Record excerpts:
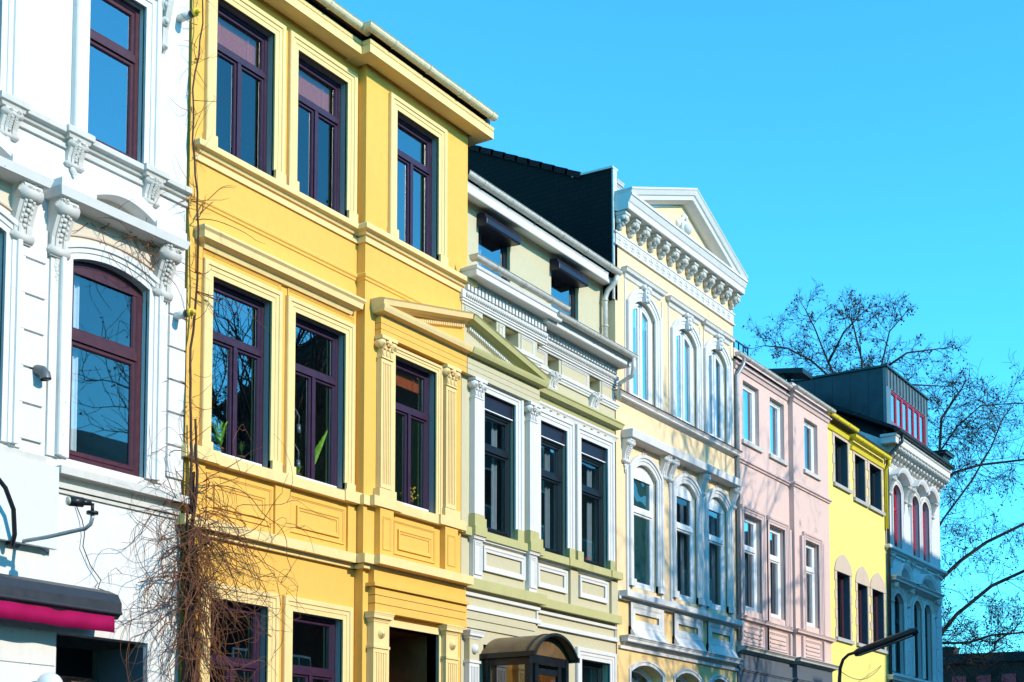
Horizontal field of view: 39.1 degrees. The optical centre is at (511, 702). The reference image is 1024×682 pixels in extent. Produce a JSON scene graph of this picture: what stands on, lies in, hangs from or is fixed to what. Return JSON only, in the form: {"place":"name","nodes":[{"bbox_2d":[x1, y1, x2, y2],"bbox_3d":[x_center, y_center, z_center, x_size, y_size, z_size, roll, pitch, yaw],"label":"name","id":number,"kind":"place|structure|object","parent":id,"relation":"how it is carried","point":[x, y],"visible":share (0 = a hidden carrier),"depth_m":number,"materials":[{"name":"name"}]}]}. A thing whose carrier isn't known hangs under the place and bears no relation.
{"place":"outdoors","nodes":[
{"label":"outdoors","id":0,"kind":"place"},
{"bbox_2d":[176,0,497,681],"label":"yellow house","id":1,"kind":"structure","parent":0,"point":[334,151],"depth_m":20.52,"materials":[{"name":"paint"}]},
{"bbox_2d":[75,0,331,681],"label":"climbing vine","id":2,"kind":"object","parent":1,"relation":"attached to","point":[189,645],"visible":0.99,"depth_m":17.53,"materials":[{"name":"brown plant"}]},
{"bbox_2d":[211,417,226,452],"bbox_3d":[-3.783,-3.439,18.623,0.389,0.528,0.232,2,-5,-27],"label":"potted plant","id":3,"kind":"object","parent":1,"relation":"in","point":[218,434],"visible":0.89,"depth_m":18.58,"materials":[{"name":"green plant"}]},
{"bbox_2d":[210,600,260,681],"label":"window","id":4,"kind":"structure","parent":1,"relation":"in","point":[255,652],"depth_m":18.77,"materials":[{"name":"paint"}]},
{"bbox_2d":[213,282,264,465],"bbox_3d":[-3.629,-4.234,18.737,0.085,2.290,1.100,-3,-5,32],"label":"window","id":5,"kind":"structure","parent":1,"relation":"in","point":[235,347],"depth_m":18.88,"materials":[{"name":"paint"}]},
{"bbox_2d":[236,441,244,458],"bbox_3d":[-3.588,-3.299,18.981,0.130,0.300,0.230,-3,-5,32],"label":"potted plant","id":6,"kind":"object","parent":1,"relation":"in","point":[240,449],"visible":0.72,"depth_m":18.96,"materials":[{"name":"green plant"}]},
{"bbox_2d":[217,4,267,172],"bbox_3d":[-3.659,-8.062,19.035,0.155,2.010,1.100,-3,-5,32],"label":"window","id":7,"kind":"structure","parent":1,"relation":"in","point":[241,52],"depth_m":19.17,"materials":[{"name":"paint"}]},
{"bbox_2d":[294,409,300,468],"bbox_3d":[-3.022,-3.661,19.861,0.070,0.830,0.293,-3,-5,32],"label":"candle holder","id":8,"kind":"object","parent":1,"relation":"in","point":[298,428],"visible":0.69,"depth_m":19.93,"materials":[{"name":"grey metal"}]},
{"bbox_2d":[294,466,301,475],"bbox_3d":[-2.959,-3.184,19.901,0.116,0.206,0.210,-1,-4,9],"label":"potted plant","id":9,"kind":"object","parent":1,"relation":"in","point":[297,472],"visible":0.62,"depth_m":19.87,"materials":[{"name":"green plant"}]},
{"bbox_2d":[292,613,335,681],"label":"window","id":10,"kind":"structure","parent":1,"relation":"in","point":[308,674],"depth_m":19.98,"materials":[{"name":"paint"}]},
{"bbox_2d":[295,317,338,487],"bbox_3d":[-2.791,-4.138,20.049,0.085,2.290,1.080,-3,-5,32],"label":"window","id":11,"kind":"structure","parent":1,"relation":"in","point":[312,377],"depth_m":20.20,"materials":[{"name":"paint"}]},
{"bbox_2d":[298,58,340,212],"bbox_3d":[-2.821,-7.967,20.347,0.155,2.010,1.080,-3,-5,32],"label":"window","id":12,"kind":"structure","parent":1,"relation":"in","point":[314,97],"depth_m":20.50,"materials":[{"name":"paint"}]},
{"bbox_2d":[315,430,327,463],"bbox_3d":[-2.749,-3.491,20.259,0.130,0.870,0.424,-3,-5,32],"label":"potted plant","id":13,"kind":"object","parent":1,"relation":"in","point":[318,448],"visible":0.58,"depth_m":20.30,"materials":[{"name":"green plant"}]},
{"bbox_2d":[399,487,418,504],"bbox_3d":[-1.569,-3.120,21.860,0.186,0.363,0.431,-3,-5,32],"label":"potted plant","id":14,"kind":"object","parent":1,"relation":"in","point":[412,501],"visible":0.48,"depth_m":21.86,"materials":[{"name":"yellow plant"}]},
{"bbox_2d":[395,360,428,511],"bbox_3d":[-1.603,-3.983,21.692,0.155,2.220,1.040,-3,-5,32],"label":"window","id":15,"kind":"structure","parent":1,"relation":"in","point":[408,377],"depth_m":21.87,"materials":[{"name":"paint"}]},
{"bbox_2d":[397,118,431,255],"bbox_3d":[-1.560,-7.833,21.975,0.085,1.980,1.070,-3,-5,32],"label":"window","id":16,"kind":"structure","parent":1,"relation":"in","point":[411,165],"depth_m":22.15,"materials":[{"name":"paint"}]},
{"bbox_2d":[460,170,638,681],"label":"sage green house","id":17,"kind":"structure","parent":0,"point":[547,359],"depth_m":24.73,"materials":[{"name":"paint"}]},
{"bbox_2d":[477,213,520,280],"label":"window","id":18,"kind":"structure","parent":17,"relation":"in","point":[487,225],"depth_m":24.42,"materials":[{"name":"black paint"}]},
{"bbox_2d":[485,394,512,538],"bbox_3d":[-0.337,-3.848,23.620,0.257,2.270,0.940,-3,-5,32],"label":"window","id":19,"kind":"structure","parent":17,"relation":"in","point":[500,413],"depth_m":23.84,"materials":[{"name":"black paint"}]},
{"bbox_2d":[541,422,564,555],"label":"window","id":20,"kind":"structure","parent":17,"relation":"in","point":[552,438],"depth_m":25.58,"materials":[{"name":"black paint"}]},
{"bbox_2d":[550,258,587,318],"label":"window","id":21,"kind":"structure","parent":17,"relation":"in","point":[560,270],"depth_m":26.38,"materials":[{"name":"black paint"}]},
{"bbox_2d":[582,661,601,681],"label":"window","id":22,"kind":"structure","parent":17,"relation":"in","point":[589,665],"depth_m":26.67,"materials":[{"name":"black glass"}]},
{"bbox_2d":[581,439,604,567],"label":"window","id":23,"kind":"structure","parent":17,"relation":"in","point":[592,455],"depth_m":26.84,"materials":[{"name":"black paint"}]},
{"bbox_2d":[334,0,1023,653],"label":"sky","id":24,"kind":"structure","parent":0,"point":[871,147],"materials":[{"name":"blue"}]},
{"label":"pavement","id":25,"kind":"structure","parent":0,"visible":0},
{"bbox_2d":[0,0,192,681],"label":"white house","id":26,"kind":"structure","parent":25,"relation":"on","point":[93,122],"depth_m":16.81,"materials":[{"name":"paint"}]},
{"bbox_2d":[0,453,58,549],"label":"sign","id":27,"kind":"object","parent":26,"relation":"attached to","point":[33,487],"visible":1,"depth_m":15.59,"materials":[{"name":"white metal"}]},
{"bbox_2d":[0,478,16,545],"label":"sign lamp","id":28,"kind":"object","parent":27,"relation":"attached to","point":[13,513],"visible":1,"depth_m":15.24,"materials":[{"name":"black metal"}]},
{"bbox_2d":[29,365,51,380],"bbox_3d":[-5.166,-3.636,15.818,0.215,0.197,0.161,-3,-5,32],"label":"wall lamp","id":29,"kind":"object","parent":26,"relation":"attached to","point":[43,372],"visible":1,"depth_m":15.78,"materials":[{"name":"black metal"}]},
{"bbox_2d":[36,672,62,681],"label":"globe lamp","id":30,"kind":"object","parent":26,"relation":"attached to","point":[49,677],"visible":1,"depth_m":15.51,"materials":[{"name":"white glass"}]},
{"bbox_2d":[13,496,98,547],"bbox_3d":[-4.888,-1.907,15.220,1.193,0.414,0.338,-3,-5,32],"label":"floodlight","id":31,"kind":"object","parent":26,"relation":"attached to","point":[74,501],"visible":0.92,"depth_m":15.02,"materials":[{"name":"grey metal"}]},
{"bbox_2d":[0,573,122,632],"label":"awning","id":32,"kind":"object","parent":26,"relation":"attached to","point":[44,602],"visible":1,"depth_m":15.54,"materials":[{"name":"fabric"}]},
{"bbox_2d":[56,646,92,681],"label":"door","id":33,"kind":"structure","parent":26,"relation":"in","point":[72,664],"depth_m":17.19,"materials":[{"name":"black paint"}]},
{"bbox_2d":[76,507,102,589],"bbox_3d":[-4.774,-1.741,16.331,0.160,0.958,0.359,-4,-6,44],"label":"wire","id":34,"kind":"object","parent":26,"relation":"hanging from","point":[84,549],"visible":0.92,"depth_m":16.31,"materials":[{"name":"black metal"}]},
{"bbox_2d":[67,261,142,476],"bbox_3d":[-4.849,-3.904,16.865,0.221,2.400,1.160,-3,-5,32],"label":"window","id":35,"kind":"structure","parent":26,"relation":"in","point":[131,356],"depth_m":16.97,"materials":[{"name":"red paint"}]},
{"bbox_2d":[88,0,139,160],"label":"window","id":36,"kind":"structure","parent":26,"relation":"in","point":[129,58],"depth_m":17.35,"materials":[{"name":"purple paint"}]},
{"bbox_2d":[171,308,195,319],"bbox_3d":[-4.005,-4.753,17.600,0.350,0.097,0.100,-3,-5,32],"label":"wall spotlight","id":37,"kind":"object","parent":26,"relation":"attached to","point":[189,312],"visible":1,"depth_m":17.56,"materials":[{"name":"white plastic"}]},
{"bbox_2d":[176,7,200,22],"bbox_3d":[-4.005,-8.543,17.877,0.350,0.097,0.100,-3,-5,32],"label":"flue pipe","id":38,"kind":"object","parent":26,"relation":"attached to","point":[191,13],"visible":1,"depth_m":17.84,"materials":[{"name":"white plastic"}]},
{"bbox_2d":[468,145,747,681],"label":"cream house","id":39,"kind":"structure","parent":25,"relation":"on","point":[677,291],"depth_m":29.13,"materials":[{"name":"paint"}]},
{"bbox_2d":[631,667,651,681],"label":"window","id":40,"kind":"structure","parent":39,"relation":"in","point":[636,674],"depth_m":28.49,"materials":[{"name":"white paint"}]},
{"bbox_2d":[633,302,651,403],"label":"window","id":41,"kind":"structure","parent":39,"relation":"in","point":[642,323],"depth_m":28.63,"materials":[{"name":"white paint"}]},
{"bbox_2d":[634,466,653,592],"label":"window","id":42,"kind":"structure","parent":39,"relation":"in","point":[643,482],"depth_m":28.37,"materials":[{"name":"white paint"}]},
{"bbox_2d":[676,675,688,681],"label":"window","id":43,"kind":"structure","parent":39,"relation":"in","point":[681,678],"depth_m":29.95,"materials":[{"name":"grey glass"}]},
{"bbox_2d":[676,329,693,425],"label":"window","id":44,"kind":"structure","parent":39,"relation":"in","point":[685,376],"depth_m":30.24,"materials":[{"name":"white paint"}]},
{"bbox_2d":[676,484,694,603],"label":"window","id":45,"kind":"structure","parent":39,"relation":"in","point":[683,492],"depth_m":30.11,"materials":[{"name":"white paint"}]},
{"bbox_2d":[709,350,723,441],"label":"window","id":46,"kind":"structure","parent":39,"relation":"in","point":[714,357],"depth_m":31.49,"materials":[{"name":"white paint"}]},
{"bbox_2d":[709,497,724,611],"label":"window","id":47,"kind":"structure","parent":39,"relation":"in","point":[715,506],"depth_m":31.41,"materials":[{"name":"white paint"}]},
{"bbox_2d":[733,340,838,681],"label":"pink house","id":48,"kind":"structure","parent":25,"relation":"on","point":[782,564],"depth_m":34.31,"materials":[{"name":"paint"}]},
{"bbox_2d":[743,383,754,443],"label":"window","id":49,"kind":"structure","parent":48,"relation":"in","point":[748,393],"depth_m":33.23,"materials":[{"name":"white paint"}]},
{"bbox_2d":[744,516,756,611],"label":"window","id":50,"kind":"structure","parent":48,"relation":"in","point":[749,524],"depth_m":32.96,"materials":[{"name":"white paint"}]},
{"bbox_2d":[770,400,780,457],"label":"window","id":51,"kind":"structure","parent":48,"relation":"in","point":[774,408],"depth_m":34.54,"materials":[{"name":"white paint"}]},
{"bbox_2d":[770,527,780,618],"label":"window","id":52,"kind":"structure","parent":48,"relation":"in","point":[775,569],"depth_m":34.20,"materials":[{"name":"white paint"}]},
{"bbox_2d":[804,421,813,472],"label":"window","id":53,"kind":"structure","parent":48,"relation":"in","point":[806,424],"depth_m":36.20,"materials":[{"name":"white paint"}]},
{"bbox_2d":[806,542,814,626],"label":"window","id":54,"kind":"structure","parent":48,"relation":"in","point":[810,574],"depth_m":35.80,"materials":[{"name":"white paint"}]},
{"bbox_2d":[769,367,891,681],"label":"lemon house","id":55,"kind":"structure","parent":25,"relation":"on","point":[858,493],"depth_m":38.97,"materials":[{"name":"paint"}]},
{"bbox_2d":[835,441,841,484],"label":"window","id":56,"kind":"structure","parent":55,"relation":"in","point":[837,444],"depth_m":38.44,"materials":[{"name":"black glass"}]},
{"bbox_2d":[837,574,843,637],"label":"window","id":57,"kind":"structure","parent":55,"relation":"in","point":[839,577],"depth_m":38.17,"materials":[{"name":"red paint"}]},
{"bbox_2d":[855,459,858,497],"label":"window","id":58,"kind":"structure","parent":55,"relation":"in","point":[856,461],"depth_m":39.62,"materials":[{"name":"black glass"}]},
{"bbox_2d":[858,586,861,642],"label":"window","id":59,"kind":"structure","parent":55,"relation":"in","point":[859,588],"depth_m":39.37,"materials":[{"name":"red paint"}]},
{"bbox_2d":[869,468,875,507],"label":"window","id":60,"kind":"structure","parent":55,"relation":"in","point":[871,471],"depth_m":40.78,"materials":[{"name":"black glass"}]},
{"bbox_2d":[872,592,877,640],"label":"window","id":61,"kind":"structure","parent":55,"relation":"in","point":[875,595],"depth_m":40.53,"materials":[{"name":"red paint"}]},
{"bbox_2d":[791,364,954,681],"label":"corner house","id":62,"kind":"structure","parent":25,"relation":"on","point":[884,406],"depth_m":42.82,"materials":[{"name":"white paint"}]},
{"bbox_2d":[893,488,896,546],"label":"window","id":63,"kind":"structure","parent":62,"relation":"in","point":[894,492],"depth_m":42.21,"materials":[{"name":"red paint"}]},
{"bbox_2d":[894,596,899,673],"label":"window","id":64,"kind":"structure","parent":62,"relation":"in","point":[897,624],"depth_m":41.99,"materials":[{"name":"black paint"}]},
{"bbox_2d":[912,499,914,555],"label":"window","id":65,"kind":"structure","parent":62,"relation":"in","point":[912,499],"depth_m":43.70,"materials":[{"name":"red paint"}]},
{"bbox_2d":[914,604,917,677],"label":"window","id":66,"kind":"structure","parent":62,"relation":"in","point":[915,609],"depth_m":43.47,"materials":[{"name":"black paint"}]},
{"bbox_2d":[922,506,924,560],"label":"window","id":67,"kind":"structure","parent":62,"relation":"in","point":[922,506],"depth_m":44.55,"materials":[{"name":"red paint"}]},
{"bbox_2d":[925,609,927,680],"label":"window","id":68,"kind":"structure","parent":62,"relation":"in","point":[926,643],"depth_m":44.34,"materials":[{"name":"black paint"}]},
{"bbox_2d":[838,628,918,681],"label":"street lamp","id":69,"kind":"object","parent":25,"relation":"on","point":[886,641],"visible":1,"depth_m":30.65,"materials":[{"name":"black metal"}]},
{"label":"ground","id":70,"kind":"structure","parent":0,"visible":0},
{"bbox_2d":[742,279,971,411],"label":"bare tree","id":71,"kind":"object","parent":70,"relation":"on","point":[867,363],"visible":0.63,"depth_m":59.90,"materials":[{"name":"brown plant"}]},
{"bbox_2d":[902,348,1023,681],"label":"bare tree","id":72,"kind":"object","parent":70,"relation":"on","point":[949,623],"visible":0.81,"depth_m":55.96,"materials":[{"name":"brown plant"}]},
{"bbox_2d":[942,646,1023,681],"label":"brick building","id":73,"kind":"structure","parent":70,"relation":"on","point":[1019,663],"depth_m":82.63,"materials":[{"name":"brown brick"}]},
{"bbox_2d":[952,676,965,681],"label":"window","id":74,"kind":"structure","parent":73,"relation":"in","point":[960,679],"depth_m":83.35,"materials":[{"name":"glass"}]},
{"bbox_2d":[977,675,990,681],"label":"window","id":75,"kind":"structure","parent":73,"relation":"in","point":[984,679],"depth_m":82.60,"materials":[{"name":"glass"}]},
{"bbox_2d":[1002,673,1015,681],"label":"window","id":76,"kind":"structure","parent":73,"relation":"in","point":[1013,679],"depth_m":81.84,"materials":[{"name":"red paint"}]}
]}

Problem statement: Filter the records for the word "nodes" and show every line that has it.

Result of the task:
Horizontal field of view: 39.1 degrees. The optical centre is at (511, 702). The reference image is 1024×682 pixels in extent. Produce a JSON scene graph of this picture: what stands on, lies in, hangs from or is fixed to what. Return JSON only, in the form: {"place":"name","nodes":[{"bbox_2d":[x1, y1, x2, y2],"bbox_3d":[x_center, y_center, z_center, x_size, y_size, z_size, roll, pitch, yaw],"label":"name","id":number,"kind":"place|structure|object","parent":id,"relation":"how it is carried","point":[x, y],"visible":share (0 = a hidden carrier),"depth_m":number,"materials":[{"name":"name"}]}]}. A thing whose carrier isn't known hangs under the place and bears no relation.
{"place":"outdoors","nodes":[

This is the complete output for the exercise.